基于SWAT模型的小流域非点源氮磷迁移规律研究

    Migration of non-point source nitrogen and phosphorus in small watershed based on SWAT model

    • 摘要: 非点源污染是影响农业水土环境的重要因素。在GIS平台的支持下,运用SWAT模型,以长江下游岔河小流域为研究对象,分析了氮磷流失时空分布规律,并模拟不同灌溉方式下非点源氮磷流失变化。结果表明:率定后的模型适用于小流域非点源污染的模拟;降雨量与径流及有机氮磷流失具有明显的相关关系,汛期(6-9月)的径流量占全年径流量的56.40%,有机氮磷流失量分别占到64.89%和59.70%;在空间尺度上,有机氮与有机磷负荷空间分布相似,呈现出随地表径流向岔河主河道逐渐汇聚的分布特征,大豆和水稻田是非点源污染的主要贡献地区;通过情景模拟发现,不同灌溉方式对小流域氮磷流失影响显著,对水稻田实行优化灌溉,采取浅灌高蓄的控制方法,可以有效改善小流域农业水土环境。

       

      Abstract: Abstract: Non-point source pollution is the main factor affecting water-soil environment. Based on the SWAT model and GIS technology, spatial and temporal distributions of organic nitrogen (ON) and organic phosphorus (OP) were analyzed in Chahe watershed at the lower Yangtze River. Simulation of non-point source pollution was performed under different irrigation methods.
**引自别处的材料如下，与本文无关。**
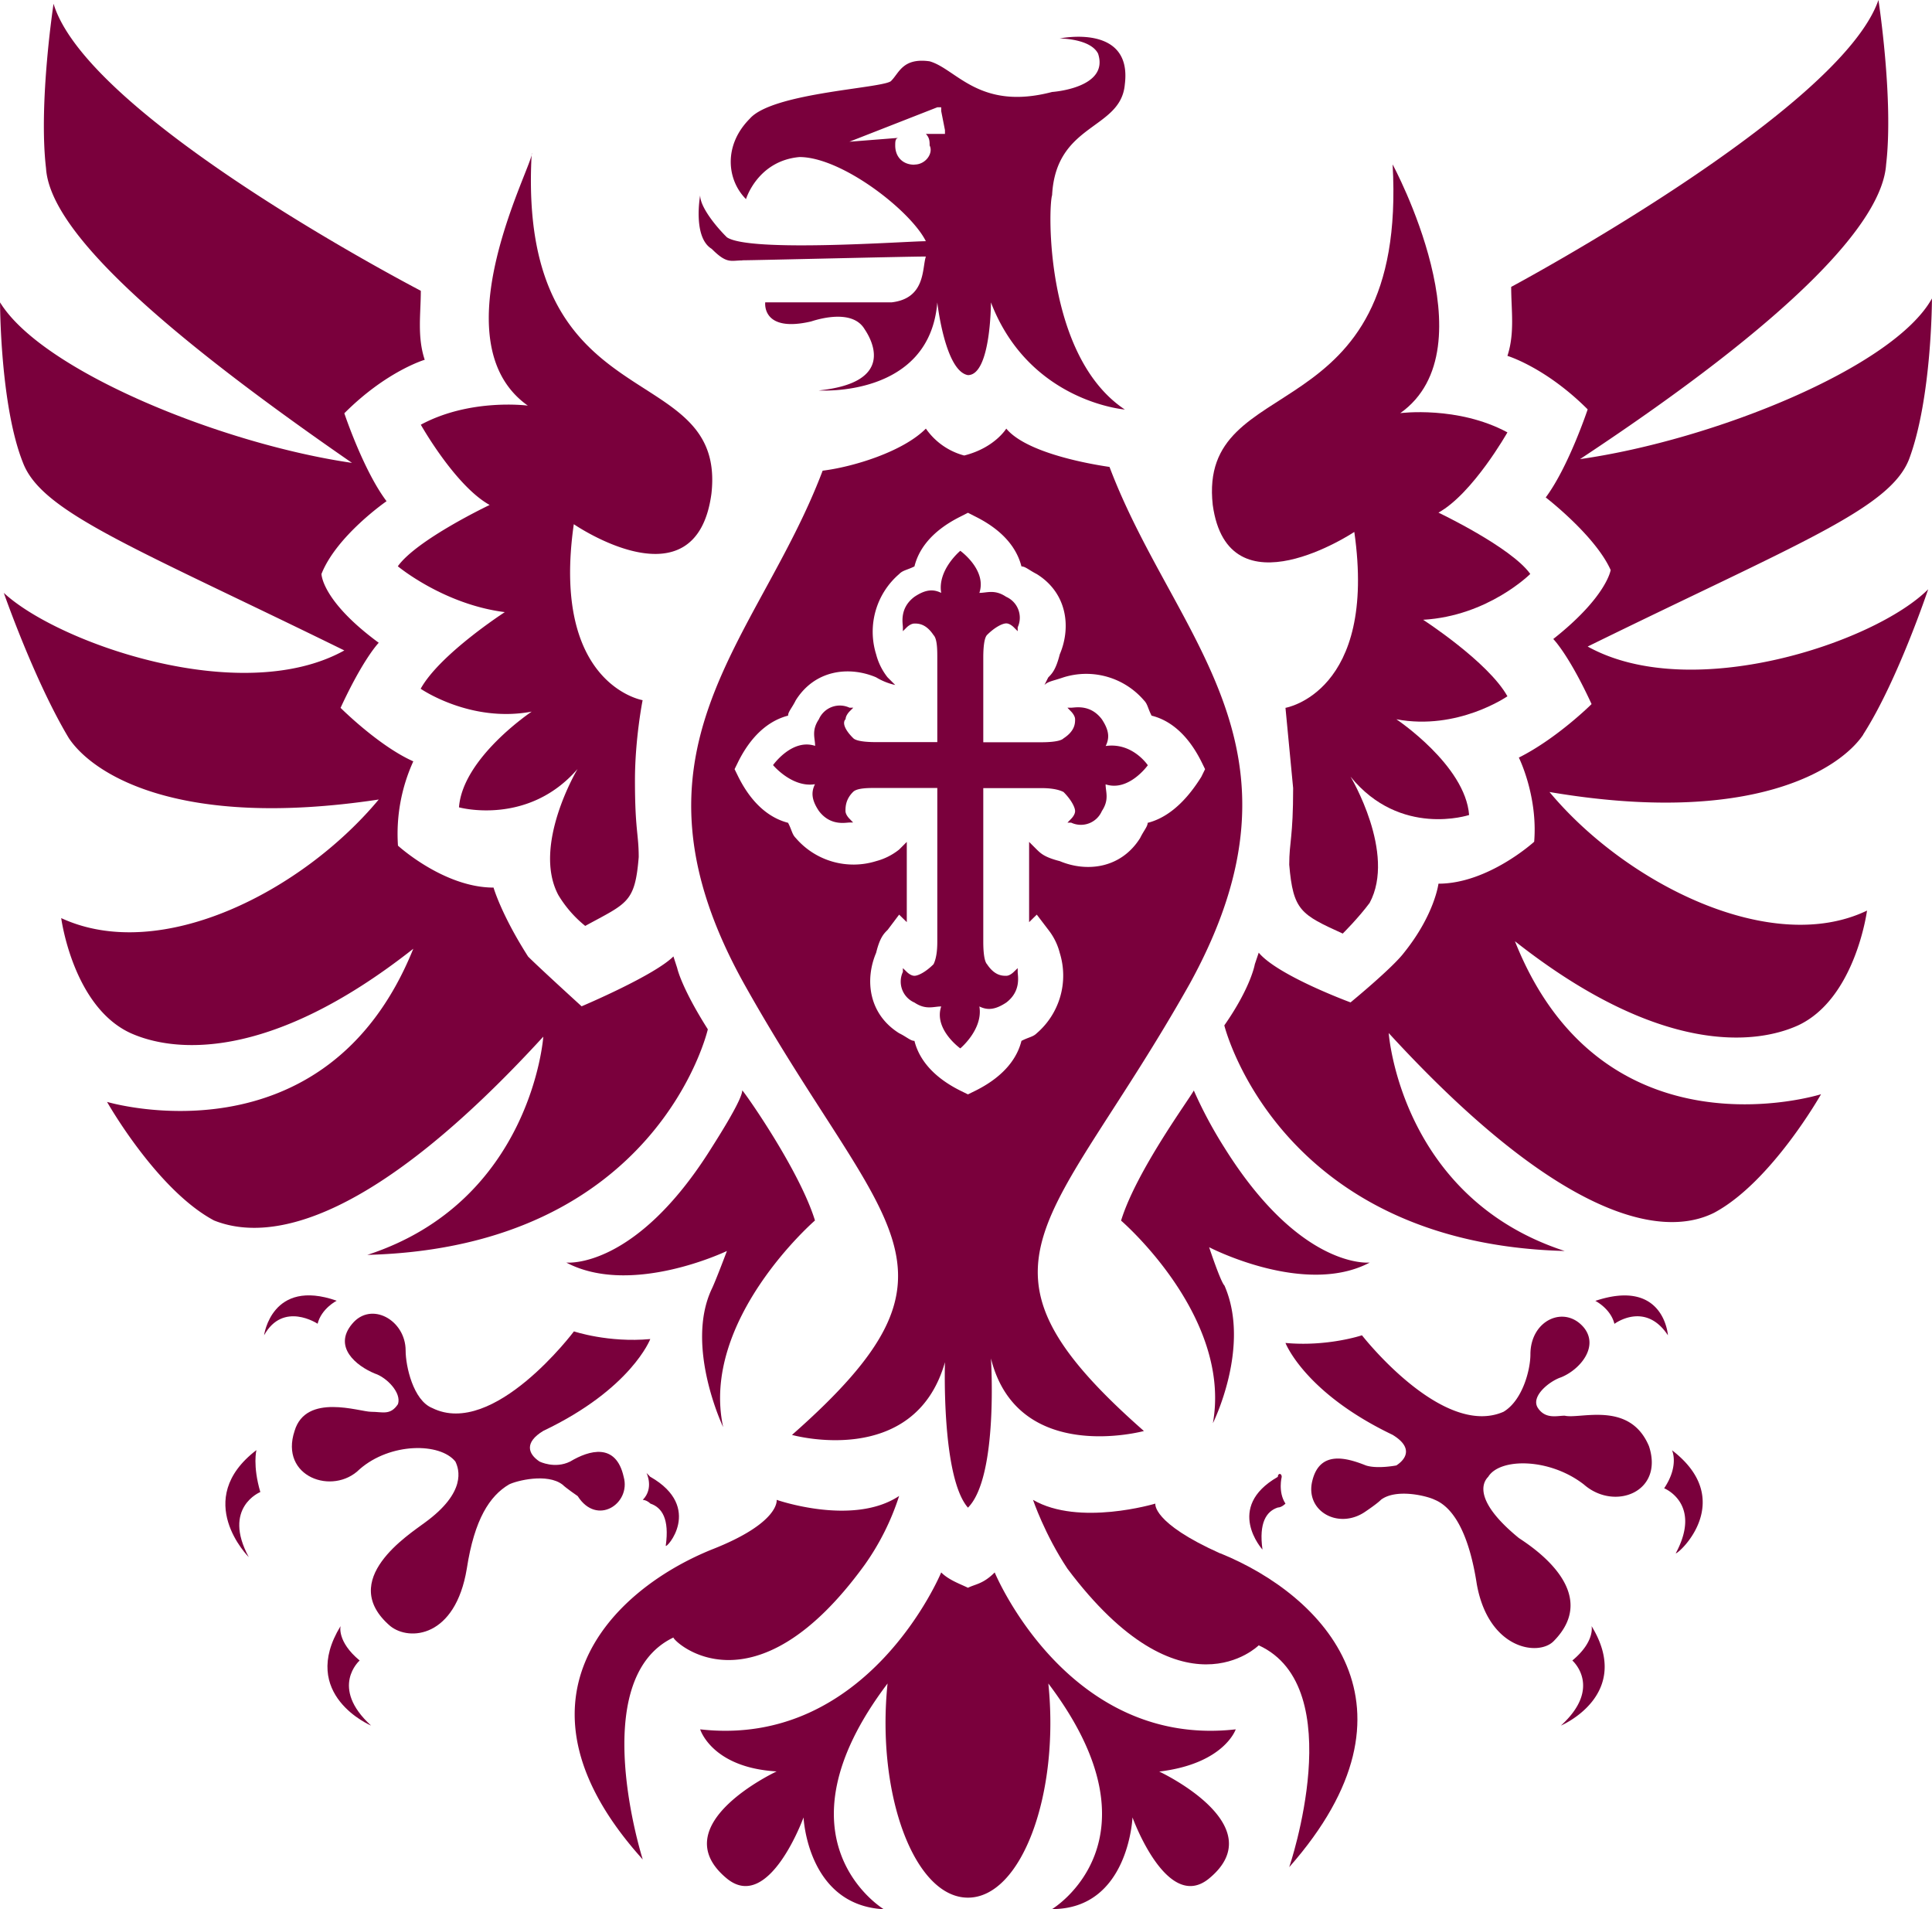 <svg xmlns="http://www.w3.org/2000/svg" width="50.5" height="49.9" viewBox="0 0 13.361 13.203"><path d="M5.98 10.821a1.74 1.74 0 00.238-.476c-.318.212-.847.027-.847.027s.026.158-.45.344c-.714.29-1.455 1.058-.476 2.143 0 0-.397-1.244.212-1.535 0 .027.555.556 1.323-.503zM3.65 2.805s-.397-.053-.74.132c0 0 .238.423.476.555 0 0-.503.239-.635.424 0 0 .317.264.74.317 0 0-.45.291-.582.53 0 0 .344.238.768.158 0 0-.477.318-.503.662 0 0 .476.132.82-.265 0 0-.317.53-.132.873a.81.81 0 00.185.212c.291-.159.344-.159.37-.476 0-.16-.026-.186-.026-.53 0-.29.053-.555.053-.555s-.635-.106-.476-1.217c0 0 .846.582.952-.212.106-.952-1.35-.476-1.243-2.355.026.053-.662 1.297-.027 1.747z" class="eagle" fill="#7a003c" stroke-width=".265"/><path d="M3.757 7.17s-.08 1.138-1.217 1.508c2.01-.053 2.355-1.56 2.355-1.56-.185-.292-.212-.424-.212-.424l-.026-.08c-.133.133-.635.345-.635.345s-.291-.265-.37-.344c-.186-.291-.239-.477-.239-.477-.344 0-.661-.29-.661-.29a1.21 1.21 0 01.106-.583c-.239-.106-.503-.37-.503-.37.159-.344.264-.45.264-.45-.396-.291-.396-.476-.396-.476.105-.265.45-.503.45-.503-.16-.212-.292-.608-.292-.608.291-.292.556-.37.556-.37-.053-.16-.027-.318-.027-.477C2.91 2.01.61.82.37.026c0 0-.105.688-.052 1.138.026.397.661 1.032 2.116 2.037C1.534 3.07.291 2.566 0 2.091c0 0 0 .714.159 1.11.132.344.767.583 2.222 1.297C1.667 4.895.397 4.445.026 4.1c0 0 .212.609.45 1.005.159.239.741.635 2.143.424-.529.635-1.508 1.138-2.196.82 0 0 .08.609.477.794.29.132.952.211 1.958-.582C2.249 8.07.74 7.62.74 7.62s.344.609.74.82c.398.159 1.112 0 2.276-1.27zm1.879 1.27c-.106-.344-.477-.873-.503-.9 0 .027-.027.106-.212.397-.529.847-1.005.794-1.005.794.45.238 1.111-.08 1.111-.08s-.08.213-.106.265c-.185.397.08.953.08.953-.16-.74.635-1.429.635-1.429zm-.53-.9s.027 0 0 0c.027 0 0 0 0 0z" class="eagle" fill="#7a003c" stroke-width=".265"/><path d="M4.313 10.213c-.053-.238-.238-.185-.37-.106-.107.053-.212 0-.212 0-.08-.053-.106-.132.026-.212.609-.29.74-.635.74-.635-.29.027-.528-.053-.528-.053s-.556.741-.98.53c-.132-.053-.184-.291-.184-.397 0-.212-.239-.344-.37-.185-.133.158.026.29.158.344.08.026.185.132.159.211-.053.08-.106.053-.186.053-.079 0-.45-.132-.529.132-.106.318.265.45.45.265.212-.185.556-.185.662-.053.026.053.079.212-.212.423-.106.08-.609.397-.238.715.132.106.45.08.529-.397.053-.344.159-.503.291-.582.053-.027.265-.08.37 0 .027.026.106.08.106.08.133.21.37.052.318-.133zM2.196 9.155c.026-.106.132-.16.132-.16-.45-.158-.502.239-.502.239.132-.238.37-.08.37-.08zm-.423.873c-.45.344-.053.74-.053.74-.185-.343.08-.45.08-.45-.054-.184-.027-.29-.027-.29zm.714 1.455c-.159-.132-.132-.238-.132-.238-.291.476.211.688.211.688-.29-.265-.079-.45-.079-.45zm2.01-1.27l-.026-.027s.053.106-.026.186c0 0 .026 0 .053.026.08.027.132.106.106.291 0 .027.264-.264-.106-.476zm4.34 0c-.37.212-.106.503-.106.503-.026-.186.027-.265.106-.291.027 0 .053-.027.053-.027-.053-.08-.026-.185-.026-.185 0-.027-.027-.027-.027 0zm-.397.53c-.476-.213-.45-.345-.45-.345s-.529.159-.846-.026c0 0 .08.238.238.476.794 1.058 1.323.53 1.323.53.635.29.211 1.534.211 1.534.98-1.112.239-1.879-.476-2.17zm.926-7.065c.159 1.111-.476 1.217-.476 1.217l.053.555c0 .344-.027.37-.027.53.027.317.08.344.37.476 0 0 .107-.106.186-.212.185-.344-.132-.873-.132-.873.344.423.82.265.82.265-.026-.344-.503-.662-.503-.662.424.08.768-.159.768-.159-.133-.238-.583-.529-.583-.529.45-.026.741-.317.741-.317-.132-.185-.635-.424-.635-.424.238-.132.477-.555.477-.555-.344-.185-.741-.133-.741-.133.635-.45-.053-1.72-.053-1.72.106 1.88-1.35 1.403-1.244 2.355.106.768.98.186.98.186z" class="eagle" fill="#7a003c" stroke-width=".265"/><path d="M12.885 5.08c.238-.37.45-1.005.45-1.005-.37.37-1.64.793-2.355.396 1.455-.714 2.09-.952 2.223-1.296.158-.423.158-1.111.158-1.111-.264.476-1.508.979-2.434 1.111 1.482-.979 2.09-1.64 2.117-2.037C13.097.688 12.991 0 12.991 0c-.265.767-2.54 1.984-2.54 1.984 0 .16.026.318-.026.477 0 0 .264.079.555.37 0 0-.132.397-.29.609 0 0 .343.264.449.502 0 0-.027.185-.397.477 0 0 .106.105.265.45 0 0-.238.237-.503.37 0 0 .132.264.106.582 0 0-.318.29-.662.29 0 0-.026.213-.238.477-.08.106-.37.344-.37.344s-.503-.185-.635-.344l-.027.08s-.026.158-.211.423c0 0 .37 1.508 2.354 1.56-1.137-.37-1.217-1.507-1.217-1.507 1.165 1.27 1.879 1.428 2.25 1.243.396-.211.74-.82.74-.82s-1.508.476-2.117-1.058c1.006.793 1.667.714 1.958.582.397-.185.477-.794.477-.794-.662.318-1.667-.185-2.196-.82 1.402.238 2.01-.159 2.17-.397zM8.23 7.54s.026 0 0 0c.026 0 0 0 0 0zm1.243 1.191s-.476.053-1.005-.794a3.014 3.014 0 01-.212-.396c-.026.053-.397.555-.503.9 0 0 .768.66.635 1.401 0 0 .265-.529.08-.952-.027-.026-.106-.265-.106-.265s.661.344 1.111.106z" class="eagle" fill="#7a003c" stroke-width=".265"/><path d="M10.821 9.79c-.052 0-.132.026-.185-.053-.053-.08.08-.186.159-.212.132-.053.265-.212.159-.344-.133-.159-.37-.053-.37.185 0 .106-.054.318-.186.397-.423.185-.979-.529-.979-.529s-.238.08-.529.053c0 0 .132.344.74.635.133.08.107.159.027.212 0 0-.132.026-.211 0-.133-.053-.318-.106-.37.105-.054.212.184.344.37.212 0 0 .079-.053.105-.08.106-.079.318-.026.37 0 .133.054.239.239.292.583.08.45.423.502.53.397.343-.344-.16-.662-.239-.715-.291-.238-.265-.37-.212-.423.08-.132.424-.132.662.053.211.185.555.053.45-.265-.133-.317-.477-.185-.583-.211zm.212-.794s.106.053.132.159c0 0 .212-.16.37.079 0 0-.026-.397-.502-.238zm.53 1.032s.052.106-.054.264c0 0 .265.106.08.45.026 0 .423-.37-.027-.714zm-.689 1.455s.212.185-.079.45c0 0 .503-.212.212-.688 0 0 .026.106-.133.238zm-2.328.476c-1.164.132-1.667-1.085-1.667-1.085-.08.08-.132.08-.185.106-.053-.026-.132-.053-.185-.106 0 0-.503 1.217-1.667 1.085 0 0 .08.265.529.291 0 0-.794.37-.344.741.291.238.53-.423.53-.423s.026.608.555.635c0 0-.794-.477.026-1.561-.079.767.186 1.481.556 1.481.37 0 .635-.714.556-1.481.82 1.084.026 1.56.026 1.56.53 0 .556-.634.556-.634s.238.661.529.423c.45-.37-.344-.74-.344-.74.45-.054.529-.292.529-.292zM5.133 1.8c.08 0 1.138-.026 1.27-.026-.027.08 0 .29-.238.317h-.873s-.027.212.317.132c.08-.026.291-.079.37.053.054.08.212.37-.317.424 0 0 .767.053.82-.609 0 0 .053.476.212.503.159 0 .159-.503.159-.503.264.688.926.741.926.741-.556-.37-.53-1.402-.503-1.482.026-.502.476-.45.503-.767.053-.423-.45-.317-.45-.317s.212 0 .265.105c.079.239-.318.265-.318.265-.503.132-.661-.159-.847-.212-.185-.026-.211.08-.264.133-.027.053-.82.079-.98.264-.184.185-.158.424-.026.556 0 0 .08-.265.37-.291.292 0 .768.37.874.582-.132 0-1.217.08-1.376-.027-.08-.079-.185-.211-.185-.29 0 0-.053.29.08.37.105.106.132.08.21.08zm1.19-.661c-.079 0-.132-.053-.132-.133 0-.026 0-.053.027-.053L5.874.98l.608-.238h.027v.026L6.535.9v.026h-.132c.026.027.026.053.026.08.027.052-.026.132-.105.132zm1.35 2.09c-.185-.027-.582-.106-.714-.265 0 0-.08.133-.291.186a.469.469 0 01-.265-.186c-.159.16-.503.265-.714.291-.45 1.191-1.456 1.932-.53 3.572.953 1.694 1.64 1.932.318 3.096 0 0 .847.238 1.058-.503 0 0-.026.794.159 1.006.212-.212.159-1.032.159-1.032.185.74 1.058.502 1.058.502-1.323-1.164-.635-1.402.318-3.095.9-1.64-.106-2.381-.556-3.572zm.264 2.46c0 .027-.026.053-.052.106-.133.212-.37.238-.556.16-.106-.027-.132-.054-.159-.08l-.053-.053v.555l.053-.052.08.105a.43.43 0 01.079.16.526.526 0 01-.159.555c-.026.026-.053.026-.106.053-.026.105-.105.238-.317.344l-.053.026-.053-.026c-.212-.106-.291-.239-.317-.344-.027 0-.053-.027-.106-.053-.212-.133-.238-.37-.159-.556.026-.106.053-.132.08-.159l.079-.105.053.052v-.555l-.053.053a.43.43 0 01-.159.08.526.526 0 01-.556-.16c-.026-.026-.026-.053-.053-.105-.105-.027-.238-.106-.344-.318l-.026-.053.026-.053c.106-.211.239-.29.344-.317 0-.027.027-.053.053-.106.133-.212.37-.238.556-.159a.437.437 0 00.132.053l-.053-.053a.43.43 0 01-.079-.159.526.526 0 01.159-.555c.026-.027.053-.027.106-.053.026-.106.105-.238.317-.344l.053-.027.053.027c.212.106.29.238.317.344.027 0 .053.026.106.053.212.132.238.37.159.555-.027.106-.053.133-.08.16l-.026.052c.027-.026.053-.026.132-.053a.526.526 0 01.556.159c.026.026.026.053.053.106.106.026.238.106.344.317l.026.053-.026.053c-.132.212-.265.291-.37.318z" class="eagle" fill="#7a003c" stroke-width=".265"/><path d="M7.646 5.16c.027-.054.027-.106-.026-.186-.08-.106-.185-.08-.212-.08h-.026l.026.027s.027.027.027.053c0 .027 0 .08-.08.132-.026.027-.132.027-.158.027H6.8V4.55c0-.027 0-.132.026-.159.053-.053.106-.08.133-.08.026 0 .052.027.052.027l.027.027v-.027a.158.158 0 00-.08-.211c-.079-.053-.132-.027-.185-.027.053-.159-.132-.291-.132-.291s-.159.132-.132.291c-.053-.026-.106-.026-.185.027-.106.079-.08.185-.08.211v.027l.027-.027s.026-.026.053-.026c.026 0 .079 0 .132.08.026.026.026.105.026.158v.582H6.06c-.026 0-.132 0-.159-.027-.053-.052-.08-.105-.053-.132 0-.026.027-.053.027-.053l.026-.026h-.026a.158.158 0 00-.212.08c-.053.079-.026.131-.026.184-.16-.053-.291.133-.291.133s.132.158.29.132c-.026.053-.026.106.027.185.08.106.185.08.212.08H5.9l-.026-.027s-.027-.026-.027-.053c0-.026 0-.08.053-.132.027-.027.106-.027.159-.027h.423V6.51c0 .026 0 .106-.026.158-.053.053-.106.08-.132.08-.027 0-.053-.027-.053-.027l-.027-.026v.026a.158.158 0 00.08.212c.079.053.132.027.185.027-.053.158.132.29.132.29s.159-.132.132-.29c.053.026.106.026.186-.027.105-.08.079-.185.079-.212v-.026l-.027.026s-.026.027-.052.027c-.027 0-.08 0-.133-.08C6.8 6.641 6.8 6.535 6.8 6.51V5.45h.397c.026 0 .106 0 .158.027.053.053.08.106.08.132 0 .027-.027.053-.027.053l-.026.027h.026a.158.158 0 00.212-.08c.053-.08.026-.132.026-.185.16.053.292-.132.292-.132s-.106-.16-.292-.133z" class="eagle" fill="#7a003c" stroke-width=".265"/></svg>

The results showed that SWAT model was applicable for the simulation of non-point source pollution in the study area. Precipitation had strong correlation with runoff, ON and OP, with correlation coefficients 0.897, 0.762 and 0.713, respectively. Runoff during flood season accounted for 56.40% of the annual total, while ON and OP accounted for 64.89% and 59.70%, respectively. Loss of ON had a significant correlation with OP loads. At the spatial scale, high loads areas of ON and OP were mainly concentrated in the central and south of the watershed, and as a whole showed a distribution gradually characteristic to the Chahe main channel aggregation with surface runoff. The distribution of ON and OP loads were not only related to the runoff, but also impacted by the land use obviously. Average ON and OP loads of soybean fields were highest at 56.70 and 8.80kg/hm2, respectively, while the total contribution amount of ON and OP in rice fields accounted for 67.87% and 65.72% of the entire watershed, the main contribution of non-point pollution source, respectively. Through scenario simulations, the implementation of optimizing irrigation on rice fields such as shallow irrigation and deep storage, can effectively control nitrogen and phosphorus losses and improve the soil and water environment of small watersheds. This research provides important reference for scientific farmland management of small watershed.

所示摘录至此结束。